Interaction of lipoprotein lipase with glycosaminoglycans and apolipoprotein C-II: effects of free-fatty-acids

Abstract

Lipoprotein lipase (LPL) bound to endothelial cells is released from the cell surface by triacylglycerol-rich lipoproteins and oleic acid (Saxena, U., Witte, L.D. and Goldberg, I.J. (1989) J. Biol. Chem. 264, 4349-4355). Studies were conducted to compare the ability of different fatty acids to release 125I-labelled bovine milk LPL bound to endothelial cells and to define the mechanism for this effect.
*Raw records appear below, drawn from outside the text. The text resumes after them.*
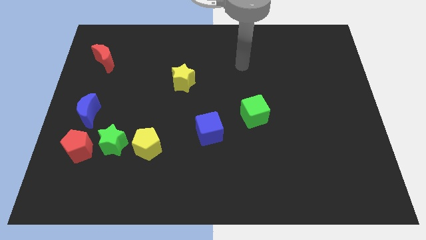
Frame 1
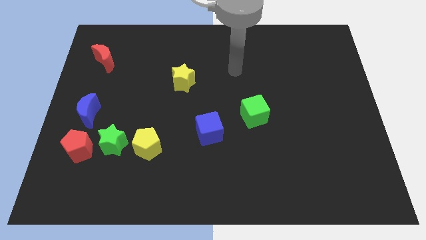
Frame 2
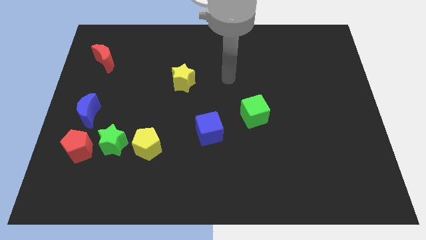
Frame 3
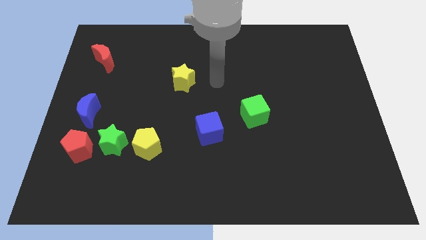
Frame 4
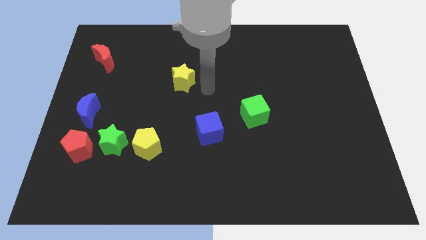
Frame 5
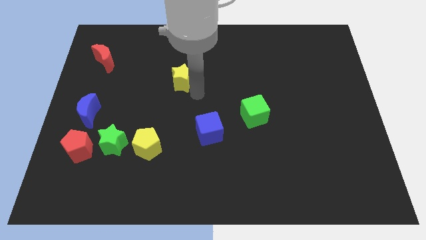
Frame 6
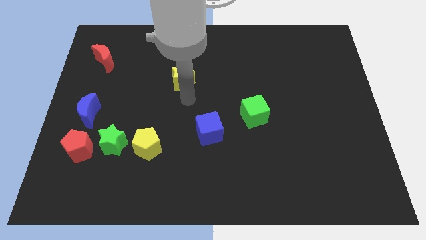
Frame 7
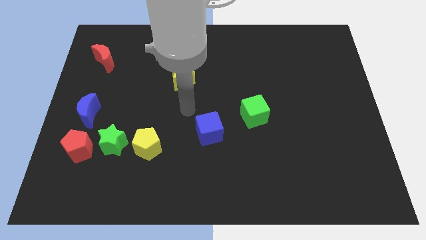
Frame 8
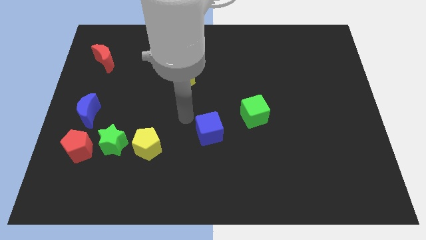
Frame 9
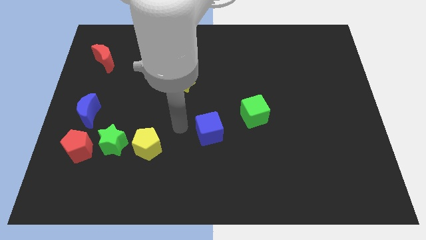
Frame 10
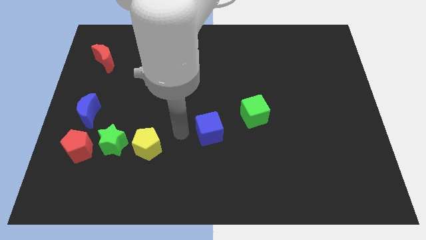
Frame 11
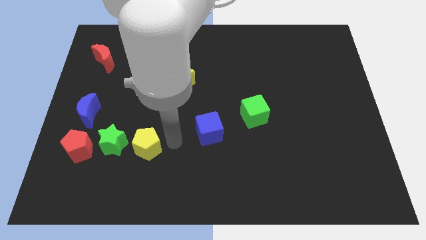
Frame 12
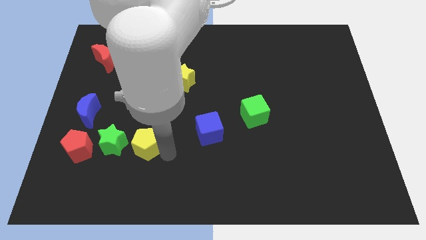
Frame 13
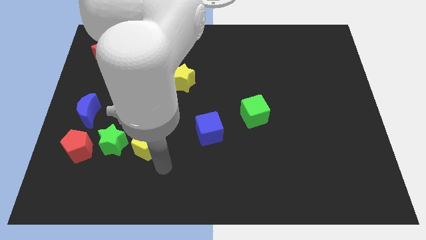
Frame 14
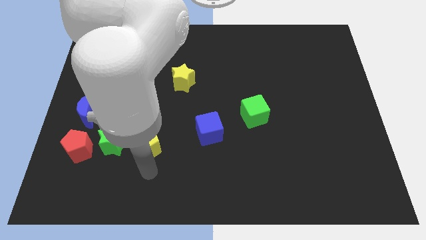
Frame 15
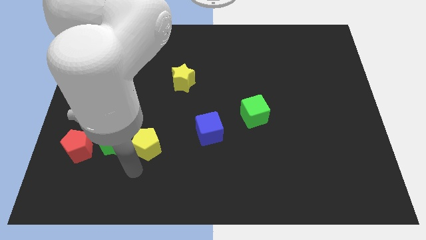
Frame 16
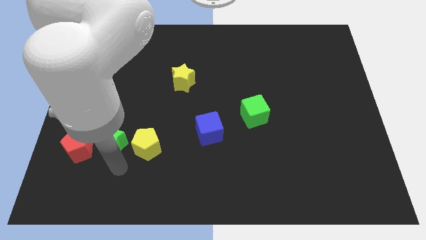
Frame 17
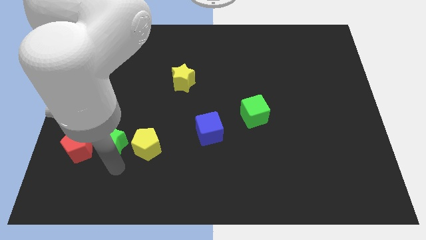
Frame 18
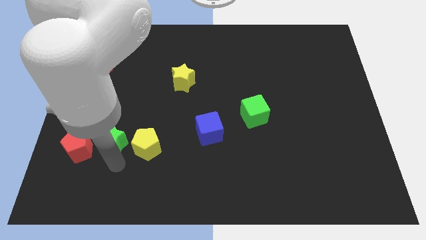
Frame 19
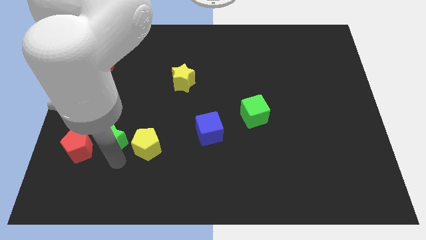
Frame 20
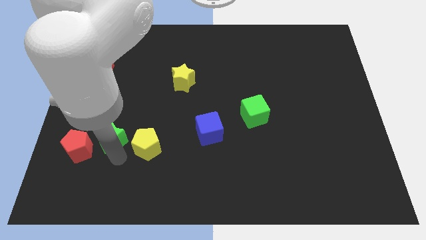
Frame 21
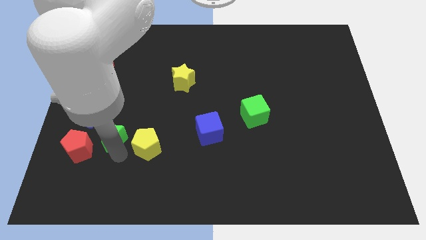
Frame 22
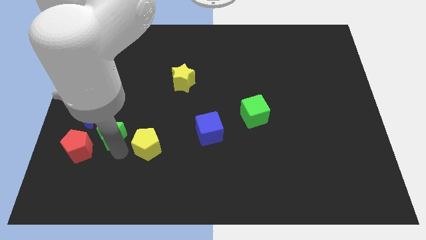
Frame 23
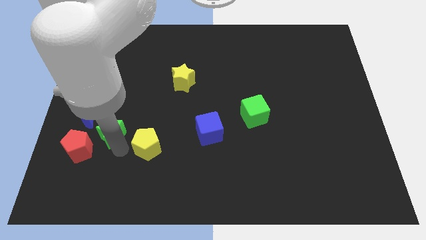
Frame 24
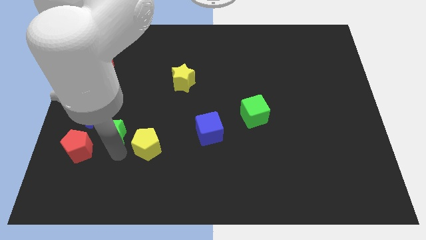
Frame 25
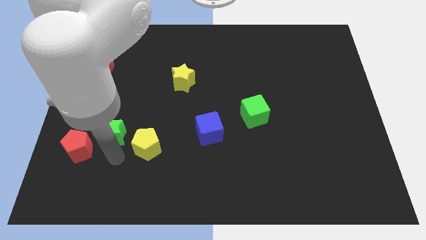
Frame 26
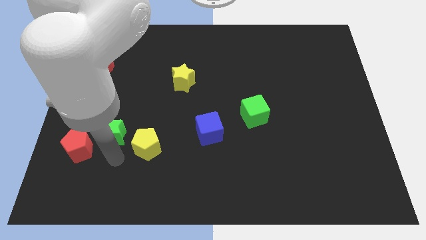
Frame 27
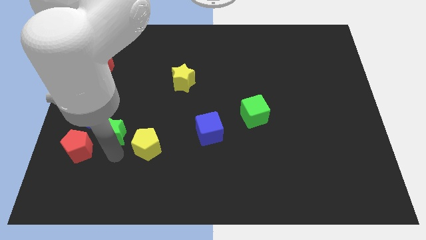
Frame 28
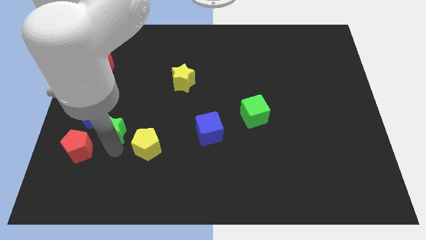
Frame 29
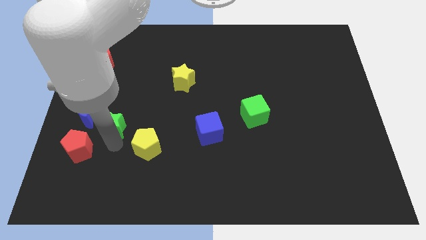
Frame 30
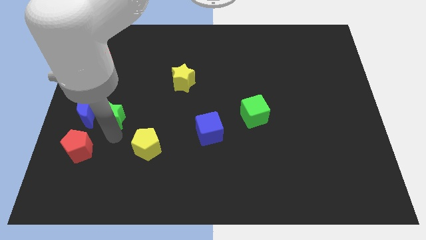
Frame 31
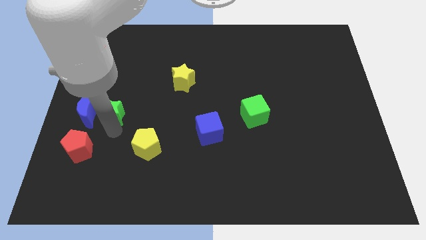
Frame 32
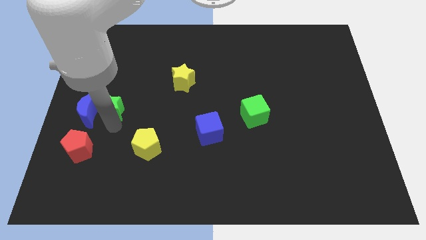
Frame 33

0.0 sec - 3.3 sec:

Using fatty acid/bovine serum albumin (BSA) solutions (molar ratio, 6:1), the release of LPL from endothelial cell surfaces using monounsaturated (18:1), polyunsaturated (18:2) and saturated (16:0) fatty acids was 78%, 60% and 28%, respectively. Release of LPL from heparin-agarose followed a similar pattern, suggesting that the fatty acids specifically affected LPL-heparin interaction. Short-chain fatty acids (C6, C8 and C10), medium-chain fatty acids (C12 and C14) and elaidic acid, a transisomer of oleic acid, released less 125I-LPL than oleic acid from heparin-agarose. To determine whether oleic acid release of 125I-LPL from heparin-agarose was due to binding of the fatty acid to heparin or LPL, oleic acid was incubated with either LPL or heparin-agarose prior to performing the affinity chromatography. Only the prior incubation with LPL affected the binding to heparin-agarose. This demonstrates that dissociation of LPL from heparin required interaction of fatty acid with LPL. At high molar ratios of fatty acid:BSA (greater than 3:1), apo C-II is known to be ineffective as an activator of LPL. To determine whether this effect is due to decreased association of apo C-II with LPL, 125I-apo C-II (0.5-10 nmol) was allowed to bind to LPL-Sepharose. A 6:1 molar ratio of oleic acid:BSA produced up to 69% decrease in the amount of 125I-apo C-II bound to the gel. This dissociation of apo C-II from LPL by oleic acid was also demonstrated using gel-filtration chromatography. Thus, the amount and type of fatty acids may be important in regulating LPL activity in vivo by affecting both LPL interaction with glycosaminoglycans and with apo C-II.